Journal for Plague Lovers cannot help but feel like a victory, combining quiet bravery with a surefooted musicianship to fashion a classic yet contemporary sound.
Manic Street Preachers – Journal for Plague Lovers
Some 14 years after lyricist and pseudo-guitarist Richey Edwards’ disappearance comes Journal for Plague Lovers, a remarkable record constructed around the final lyrics he left for the remaining Manic Street Preachers. Thematically this can be seen as a companion piece to 1994s The Holy Bible, a bleak and bloody-minded trail through the dark side of the 20th century. As a band since then preoccupied with escaping their history, this collection serves as a fitting memorial to a lost friend, a stark and focused set delivering more than mere nostalgia.
Recorded in Wales with Steve Albini, apparently the go-to guy for British rock groups requiring a sonic kick up the backside, the record opens with Peeled Apples. Employing bread and butter MSP sloganeering, ‘the Levi jean has always been stronger than the uzi’ harks back to the bad old days of ‘hospital closures kill more than car bombs ever will’. The difference now is an edgy yet FM-friendly sound which somehow seems as bold as brass under the circumstances.

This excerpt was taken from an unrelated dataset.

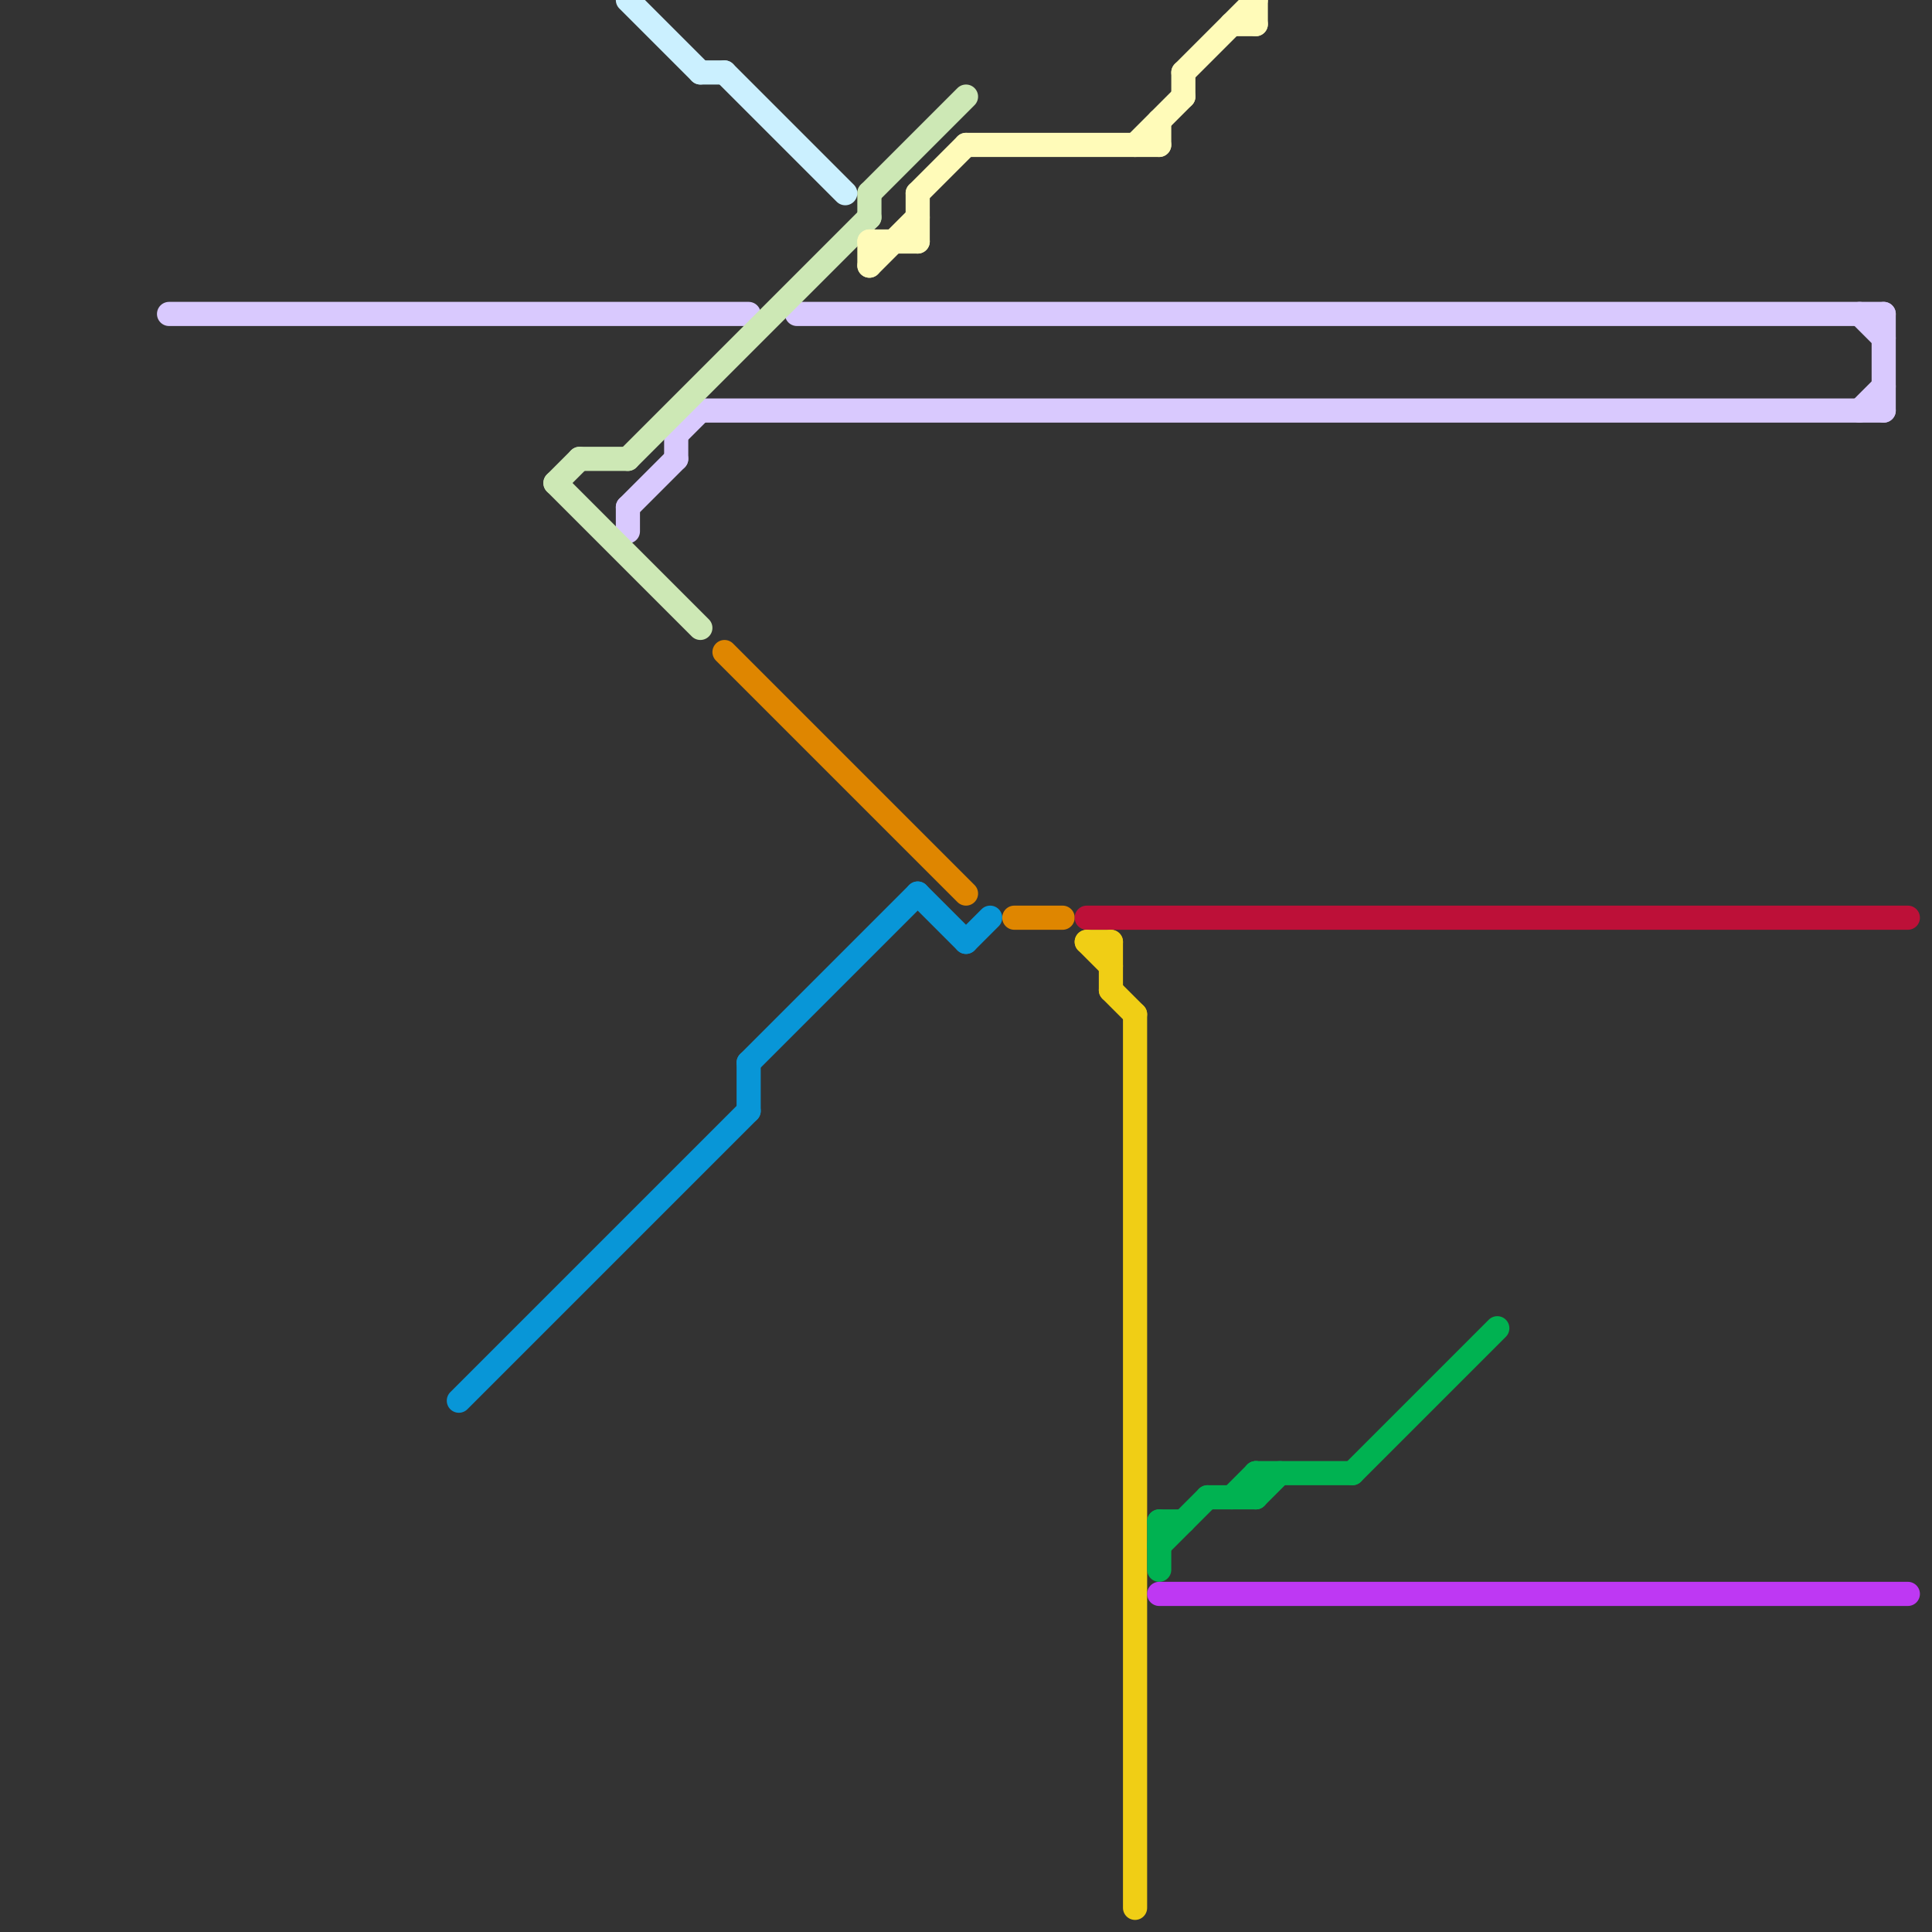 
<svg version="1.1" xmlns="http://www.w3.org/2000/svg" viewBox="0 0 80 80">
<rect x="0" y="0" width="80" height="80" fill="#333333" stroke="none"/>
<style>text { font: 1px Helvetica; font-weight: 600; white-space: pre; dominant-baseline: central; } line { stroke-width: 1; fill: none; stroke-linecap: round; stroke-linejoin: round; } .c0 { stroke: #d9c9fe } .c1 { stroke: #0896d7 } .c2 { stroke: #cde8b5 } .c3 { stroke: #cbf0ff } .c4 { stroke: #df8600 } .c5 { stroke: #fffbb9 } .c6 { stroke: #bd1038 } .c7 { stroke: #f0ce15 } .c8 { stroke: #00b251 } .c9 { stroke: #be38f3 }</style><defs><g id="wm-xf"><circle r="1.2" fill="#000"/><circle r="0.9" fill="#fff"/><circle r="0.6" fill="#000"/><circle r="0.3" fill="#fff"/></g><g id="wm"><circle r="0.6" fill="#000"/><circle r="0.3" fill="#fff"/></g></defs><line class="c0" x1="77" y1="17" x2="78" y2="16"/><line class="c0" x1="78" y1="13" x2="78" y2="17"/><line class="c0" x1="29" y1="17" x2="78" y2="17"/><line class="c0" x1="77" y1="13" x2="78" y2="14"/><line class="c0" x1="7" y1="13" x2="31" y2="13"/><line class="c0" x1="33" y1="13" x2="78" y2="13"/><line class="c0" x1="28" y1="18" x2="28" y2="19"/><line class="c0" x1="26" y1="21" x2="26" y2="22"/><line class="c0" x1="26" y1="21" x2="28" y2="19"/><line class="c0" x1="28" y1="18" x2="29" y2="17"/><line class="c1" x1="38" y1="37" x2="40" y2="39"/><line class="c1" x1="40" y1="39" x2="41" y2="38"/><line class="c1" x1="31" y1="44" x2="38" y2="37"/><line class="c1" x1="31" y1="44" x2="31" y2="46"/><line class="c1" x1="19" y1="58" x2="31" y2="46"/><line class="c2" x1="36" y1="8" x2="40" y2="4"/><line class="c2" x1="26" y1="19" x2="36" y2="9"/><line class="c2" x1="23" y1="20" x2="29" y2="26"/><line class="c2" x1="36" y1="8" x2="36" y2="9"/><line class="c2" x1="24" y1="19" x2="26" y2="19"/><line class="c2" x1="23" y1="20" x2="24" y2="19"/><line class="c3" x1="26" y1="0" x2="29" y2="3"/><line class="c3" x1="30" y1="3" x2="35" y2="8"/><line class="c3" x1="29" y1="3" x2="30" y2="3"/><line class="c4" x1="42" y1="38" x2="44" y2="38"/><line class="c4" x1="30" y1="27" x2="40" y2="37"/><line class="c5" x1="38" y1="8" x2="38" y2="10"/><line class="c5" x1="49" y1="3" x2="52" y2="0"/><line class="c5" x1="52" y1="0" x2="52" y2="1"/><line class="c5" x1="47" y1="6" x2="49" y2="4"/><line class="c5" x1="38" y1="8" x2="40" y2="6"/><line class="c5" x1="51" y1="1" x2="52" y2="1"/><line class="c5" x1="36" y1="10" x2="38" y2="10"/><line class="c5" x1="48" y1="5" x2="48" y2="6"/><line class="c5" x1="36" y1="10" x2="36" y2="11"/><line class="c5" x1="36" y1="11" x2="38" y2="9"/><line class="c5" x1="49" y1="3" x2="49" y2="4"/><line class="c5" x1="40" y1="6" x2="48" y2="6"/><line class="c6" x1="45" y1="38" x2="79" y2="38"/><line class="c7" x1="46" y1="41" x2="47" y2="42"/><line class="c7" x1="46" y1="39" x2="46" y2="41"/><line class="c7" x1="45" y1="39" x2="46" y2="40"/><line class="c7" x1="45" y1="39" x2="46" y2="39"/><line class="c7" x1="47" y1="42" x2="47" y2="79"/><line class="c8" x1="51" y1="62" x2="52" y2="61"/><line class="c8" x1="48" y1="64" x2="50" y2="62"/><line class="c8" x1="56" y1="61" x2="62" y2="55"/><line class="c8" x1="50" y1="62" x2="52" y2="62"/><line class="c8" x1="48" y1="63" x2="49" y2="63"/><line class="c8" x1="52" y1="61" x2="56" y2="61"/><line class="c8" x1="48" y1="63" x2="48" y2="65"/><line class="c8" x1="52" y1="62" x2="53" y2="61"/><line class="c8" x1="52" y1="61" x2="52" y2="62"/><line class="c9" x1="48" y1="66" x2="79" y2="66"/>
</svg>

Jackie Collins Existential Question Time, similarly, has not an inch of fat on it. A vintage James Dean Bradfield shout ‘n’ solo makes this perhaps the band’s best song in a decade.Hardly a band renowned with playing for laughs, Me and Stephen Hawking sees MSP successfully marry high and low art in a way that Brighton young bloods British Sea Power might appreciate. News that Martin Noble of that band has remixed the track is unsurprising given that the lyrics feature Herman the Bull and Tracey the Sheep. It gets better; as ‘100,000 watch Giant Haystacks in a Bombay fight’, Edwards laments missing the sex revolution ‘when we failed the physical’.
The gallows humour buried within these songs might be lost on a listener determined to see Edwards as a one-dimensional misery guts. True, the record’s title track and She Bathed Herself in a Bath of Bleach make for uncomfortable listening under swirling John McGeoch-like guitars, but there is a strange beauty in Edwards’ austerity of mind. ‘I would prefer no choice,’ Bradfield spits in All is Vanity, ‘one bread, one milk, one food, that’s all’.
The record’s finest moment (notwithstanding the brilliant hidden track Bag Lady) is William’s Last Words, a sombre hymn to tomorrow sung by bass player Nicky Wire. Never the strongest singer, Wire’s strained vocal adds to the feeling of desperation in the words. ‘Wish me some luck as you wave goodbye to me, you’re the best friends I ever had’ serves to bring the record to some sort of logical conclusion, as the strings die away.
Journal for Plague Lovers cannot help but feel like a victory, combining quiet bravery with a surefooted musicianship to fashion a classic yet contemporary sound. For the first time in years their next steps should be watched with interest; MSP always were the band that likes to say Yes.